Buechel Buechel - 1 year ago 59
R Question

R's Caret package confuses linear model (lm) and random forest

I am doing regression on language data where I want to predict a numeric emotion value for a sentence. My data is 120x531. I'm using a so-called bag-of-words approach so my data is relatively sparse.

I want to start with a simple linear regression model, so my code is essentially this:

ctrl = trainControl(method="cv", number=10)
model.valence.lm = train(data[,5:531], data[,2], model = "lm", trControl = ctrl)

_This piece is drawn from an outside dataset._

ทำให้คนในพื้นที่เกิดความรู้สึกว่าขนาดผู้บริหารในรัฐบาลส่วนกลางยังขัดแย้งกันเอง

However, caret seems to confuse linear models and random forests so I get the following output (see in particular the first line):

Random Forest

120 samples
527 predictors

No pre-processing
Resampling: Cross-Validated (10 fold)
Summary of sample sizes: 108, 108, 108, 108, 108, 108, ...
Resampling results across tuning parameters:

mtry RMSE Rsquared RMSE SD Rsquared SD
2 2.594079 0.2786009 0.1236510 0.1612251
32 2.459950 0.1920956 0.1886138 0.1484976
526 2.639718 0.1028518 0.2459268 0.1067835

RMSE was used to select the optimal model using the smallest value.
The final value used for the model was mtry = 32.

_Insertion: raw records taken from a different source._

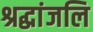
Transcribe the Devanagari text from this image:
श्रद्धांजलि
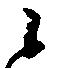
候
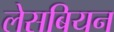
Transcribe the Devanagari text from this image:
लेसबियन
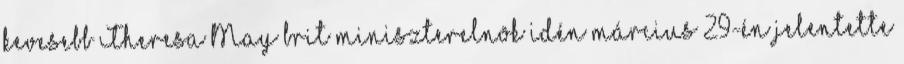
kevesebb Theresa May brit miniszterelnök idén március 29-én jelentette
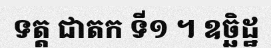
ទត្ត ជាតក ទី១ ។ ឧច្ឆិដ្ឋ

What makes this even more confusing for me is the fact, that I basically copied and pasted this code from a previous project (where this worked). Does anyone has any idea on why this happens? I checked my data object, apparently the features I use are Integers (not numerics/floats). Might this be a possible explanation?

Answer Source

Random Forest or "rf" is the default argument for the method parameter. You have set the model parameter, which caret has accepted without complaint but ignored. Use method="lm".